After three years of siege, the Dutch finally managed to sack Bonjol on 16 August 1837.
Through a negotiation ruse, the Dutch again captured Syarif and exiled him, first to Cianjur
in West Java, then to Ambon, and later to Manado in Sulawesi. He died on 6 November 1864,
at the age of 92 and is buried in Sulawesi.

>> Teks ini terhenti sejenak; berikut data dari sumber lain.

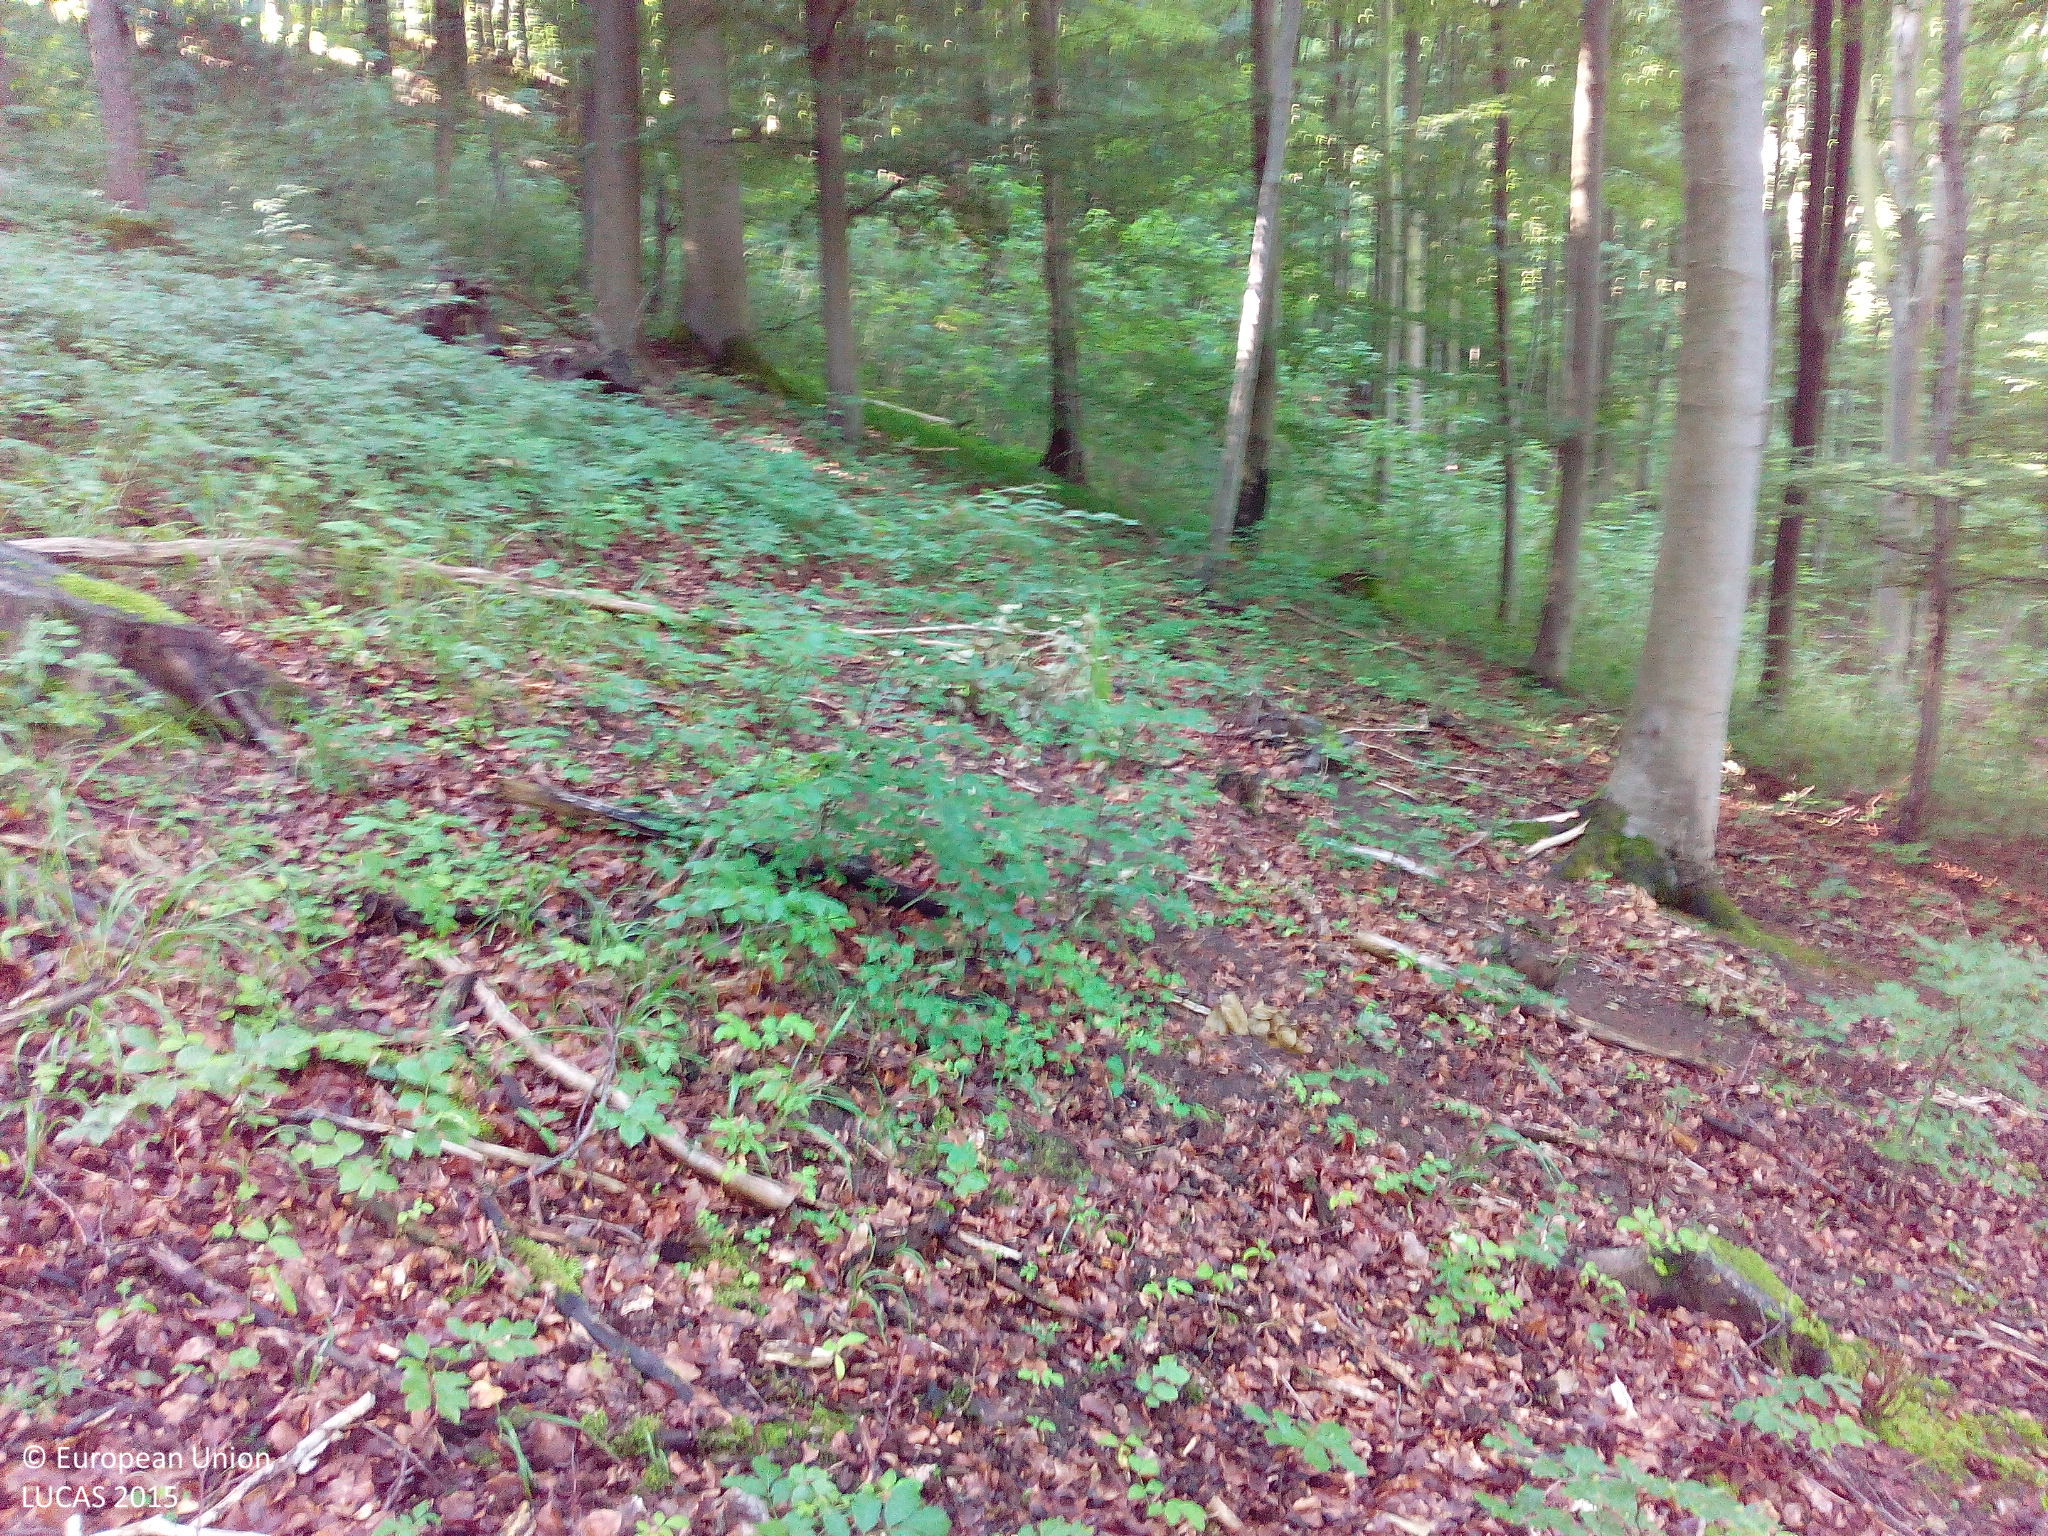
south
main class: Woodland
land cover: Broadleaved woodland
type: beech forest
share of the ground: > 75 %
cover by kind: broadleaved forest trees 100 %
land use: Forestry
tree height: > 5 m
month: July
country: DE
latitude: 50.6337
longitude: 9.9293
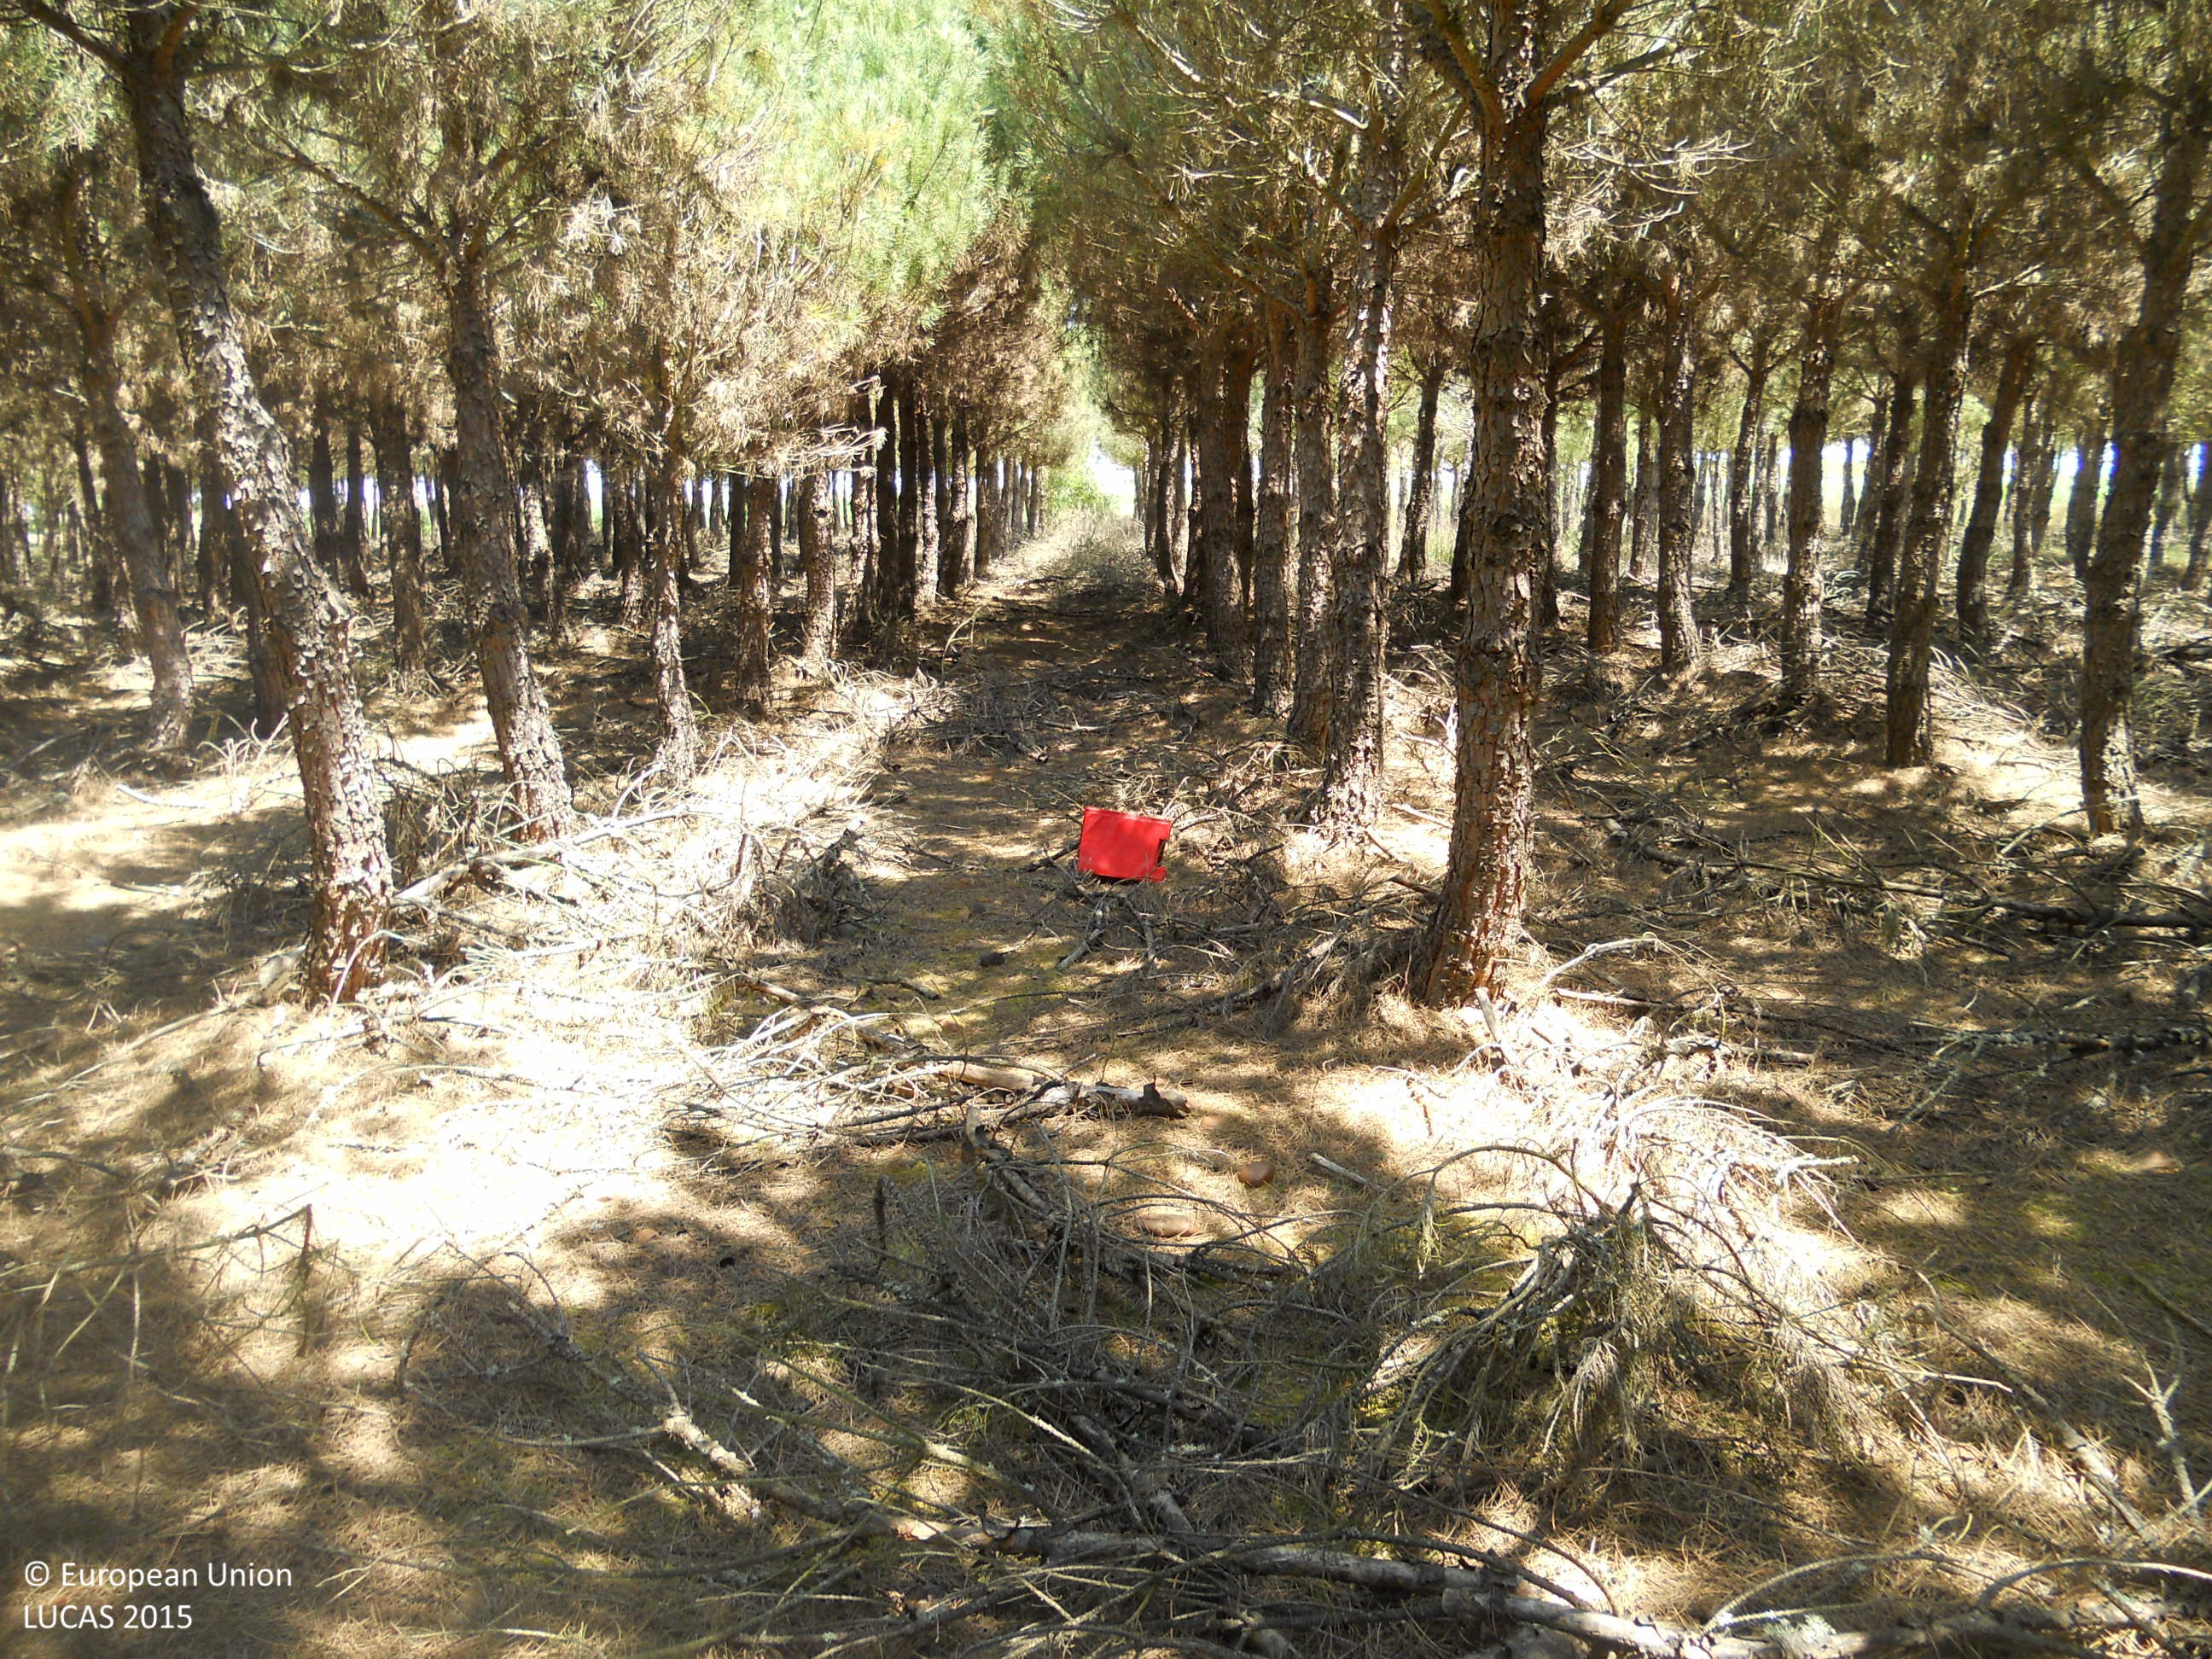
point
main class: Woodland
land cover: Pine dominated coniferous woodland
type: coniferous forest of the mediterranean region
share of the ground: > 75 %
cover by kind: coniferous forest trees 95 %, unconsolidated bare surface 5 %
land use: Forestry
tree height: < 5 m
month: June
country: ES
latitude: 42.3298
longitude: -5.6410

The site of his grave is marked by a Minangkabau
(West Sumatran) house.

Tuanku Imam Bonjol


Tuanku Imam Bonjol (1772-6 November 1864), yang juga dikenal sebagai Muhammad
Syahab, Peto Syarif, dan Malim Basa, adalah salah satu pemimpin paling populer dari
gerakan Padri di Sumatera Tengah. Dia dinyatakan sebagai Pahlawan Nasional Indonesia.
Biografi
Tuanku Imam Bonjol dilahirkan di Bonjol, Pasaman, Sumatera Barat. Keluarganya berasal
dari Sungai Rimbang, Suliki, Limapuluh Koto. [2] Nama orang tuanya Bayanuddin (ayah)
dan Hamatun (ibu). Dia tenggelam dalam studi Islam sebagai dia tumbuh, belajar pertama
dari ayahnya dan kemudian di bawah berbagai teolog Muslim lainnya.
Setelah mendirikan negara Bonjol, Syarif terlibat dalam kontroversi Adat-Paderi sebagai
pemimpin Paderi. Gerakan Paderi, yang telah dibandingkan dengan Ahlus Sunnah wal
Jamaah (Sunni) sekolah Islam di saat Arab Saudi, adalah upaya untuk mengembalikan Islam
dari daerah untuk kemurnian akarnya dengan menghapus distorsi lokal seperti perjudian,
sabung ayam , penggunaan opium dan minuman keras, tembakau, dan sebagainya. Hal ini
juga menentang peran kuat dari wanita dalam budaya Minangkabau matrilineal. The Adat,
atau tradisionalis, posisi adalah bahwa adat setempat yang pra-tanggal kedatangan Islam juga
harus dihormati dan diikuti.
Merasa posisi kepemimpinan mereka terancam, kaum tradisionalis mengajukan banding ke
Belanda untuk membantu dalam perjuangan mereka melawan Paderis. Pada awalnya,
Belanda tidak mampu memenangkan militer terhadap Paderis karena sumber daya mereka
yang membentang tipis dengan perlawanan Diponegoro di Jawa. Pada tahun 1824, Belanda
menandatangani Perjanjian Masang berakhir permusuhan dengan keadaan Bonjol.
Selanjutnya, namun, setelah perlawanan Diponegoro ditekan, Belanda menyerang negara
Pandai Sikat dalam upaya baru untuk mendapatkan kontrol dari Sumatera Barat. Meskipun
pertempuran gagah berani dengan Indonesia (saat ini kaum tradisionalis menyadari mereka
tidak ingin diperintah oleh Belanda baik dan telah bergabung dengan Paderis dalam
perlawanan mereka), kekuatan luar biasa dari militer Belanda akhirnya menang. Syarif
ditangkap pada tahun 1832, tetapi melarikan diri setelah tiga bulan untuk melanjutkan
perjuangan dari benteng kecil di Bonjol.
Setelah tiga tahun pengepungan, Belanda akhirnya berhasil memecat Bonjol pada tanggal 16
Agustus 1837. Melalui tipu muslihat negosiasi, Belanda kembali menangkap Syarif dan
diasingkan dia, pertama yang Cianjur di Jawa Barat, kemudian ke Ambon, dan kemudian ke
Manado di Sulawesi. Dia meninggal pada 6 November 1864, pada usia 92 dan dimakamkan
di Sulawesi. Lokasi makamnya ditandai dengan Minangkabau (Sumatera Barat) rumah.